US Weekly blows it and then condescends

Readers have been blasting US Weekly for their “Babies, Lies and Scandal” Sarah Palin cover. Now, when people are writing to cancel their subscriptions, they are advising readers to be reasonable and “take the time to read the story before deciding to cancel.” In my business, that’s a weak apology. If they’re saying the headline doesn’t match the story, then that’s poor work by some editor and, regardless of the story, someone needs to apologize in a very public way.

The Presidents on PBS

Since we are in the election season, I just thought I’d pass along this: You can download, for free, PBS’ American Experience: The Presidents series from iTunesU. There you will find biographies of presidents Roosevelt (FDR), Truman, Johnson, Nixon, Carter and Reagan.

Today’s new eugenicists

Of the blogs I look at regularly, one that I have often visited and am often enlightened by is Wesley J. Smith’s Secondhand Smoke. Smith says his blog “considers issues involving assisted suicide/euthanasia, bioethics, human cloning, biotechnology, and the dangers of animal rights/liberation.” There are a lot of issues he deals with that are not isolated to the world of science but rather intersect with our lives every day.

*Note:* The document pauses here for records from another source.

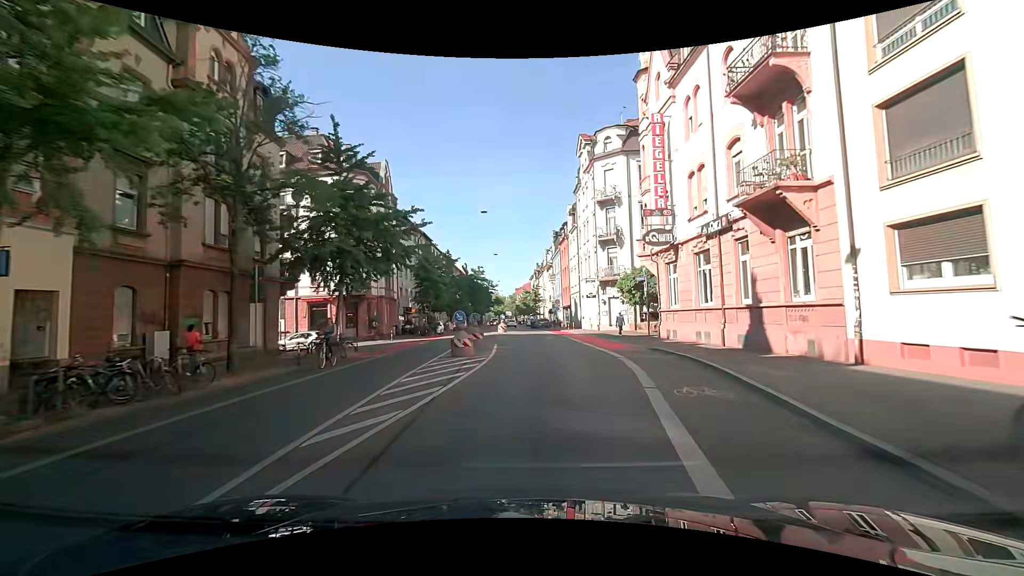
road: secondary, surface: asphalt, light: Day
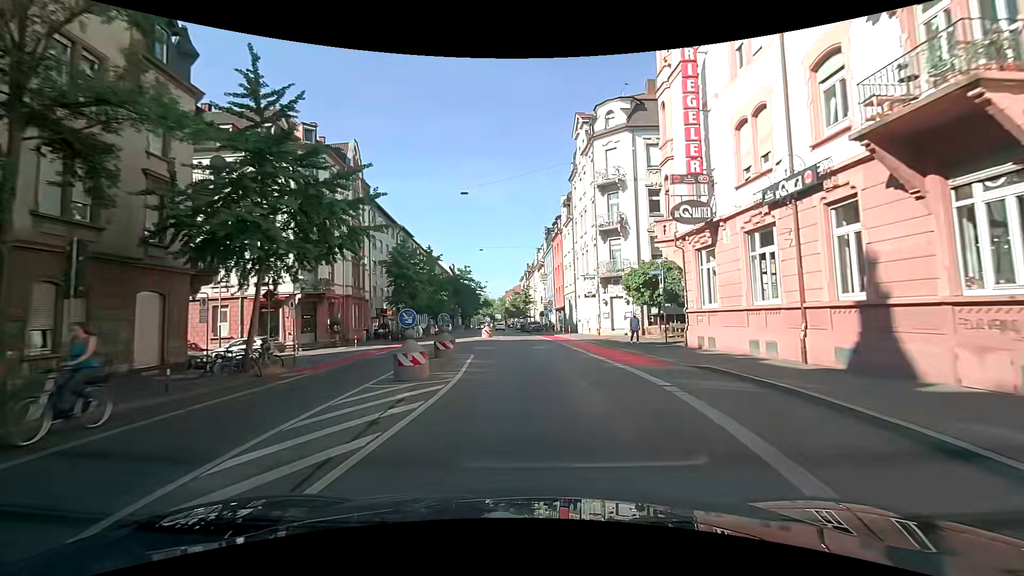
(0.0, +6.5) m; +1°
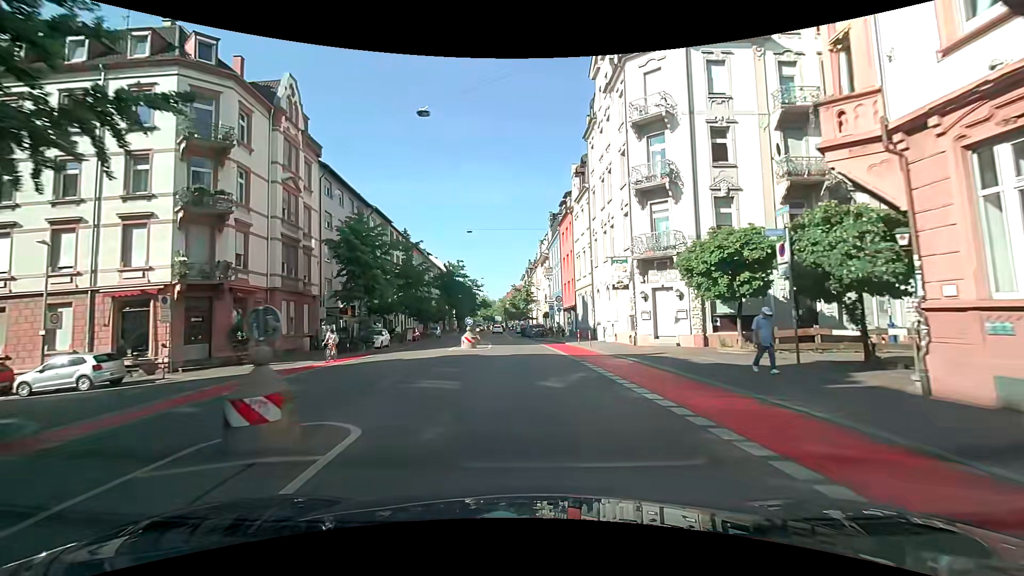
(0.0, +12.7) m; 0°

For example, the whole furor around the nomination of Alaska Gov. Sarah Palin to be vice president by John McCain has brought to the forefront the issue of Down syndrome children and the divergent views about whether people should knowingly give birth to children with this condition. I have already given my views on the subject on this blog, but there are certainly those who disagree as seen just by comments posted here.

Physician and writer Rahul K. Parikh gives what by all appearances is a concerned response to Palin’s decision in an article in Salon:

By knowingly giving birth to a Down syndrome child, Palin represents a minority of women. A 2002 study found that about 90 percent of pregnancies in the United States where the fetus was diagnosed with Down syndrome were terminated.

Rabid anti-choice activists have called that trend eugenics via medicine. But try telling that to a mother who is told early on in her pregnancy that she will be raising a child who will have a host of medical and developmental problems, requiring intense medical and social attention for the rest of his or her life. It can be tragic and nearly impossible news to bear.

Kids with special needs require and deserve intense therapies and attention to their needs. That’s likely something Palin, with her political and social stature, can afford both financially and emotionally. But that may not be the case for other families, who have to struggle to balance work with home and family. They simply may not be up to the challenge of raising a child with Down syndrome. Sadly, kids with developmental problems like Down syndrome are at a higher risk for being abused by parents and other caregivers.

And if you can’t provide that, what should you do? Well Parikh doesn’t say, but by labeling Palin “anti-choice” gives the reader a pretty good idea. Yes, let the mother choose, but not the child. Of course it seems compassionate to consider the poor mother and family of a Down syndrome child and what they will have to face. Smith addresses such “compassion” in an article “Waging War on the Weak” that he wrote for the Discovery Institute:

(The “new eugenics”) perceives some lives as having greater value than others, and which in some cases sees death—including active euthanasia and assisted suicide—as an appropriate “solution” to the problems of human suffering. The original eugenics movement expressed this relativistic view of human life through hate-filled rhetoric; for example, eugenicists described disabled babies like Miracle in terms that today would be considered hate speech. Thus, as recounted in Edwin Blacks’ splendid history of eugenics, War Against the Weak , Margaret Sanger took “the extreme eugenic view that human ‘weeds’ should be ‘exterminated.’”

Today’s new eugenicists are not that crass, of course. Indeed, rather than screaming hate and pejoratives from the rooftops, they instead ooze unctuous compassion as they croon about a “quality of life” ethic and preventing the weak—against whom they are secretly at war—from “suffering.” But behind the politically correct language, and indeed, hiding within the hearts of those who perceive themselves as profoundly caring, lurks the same old disdain of the helpless who offend because they remind us of our own imperfections and mortality.

This kind of thinking is subtle but deadly. Smith does a great job of exposing this kind of thinking in his blog. Are these issues important or is this just a big fuss over little things? No, not when you consider that health care is a major issue in this election.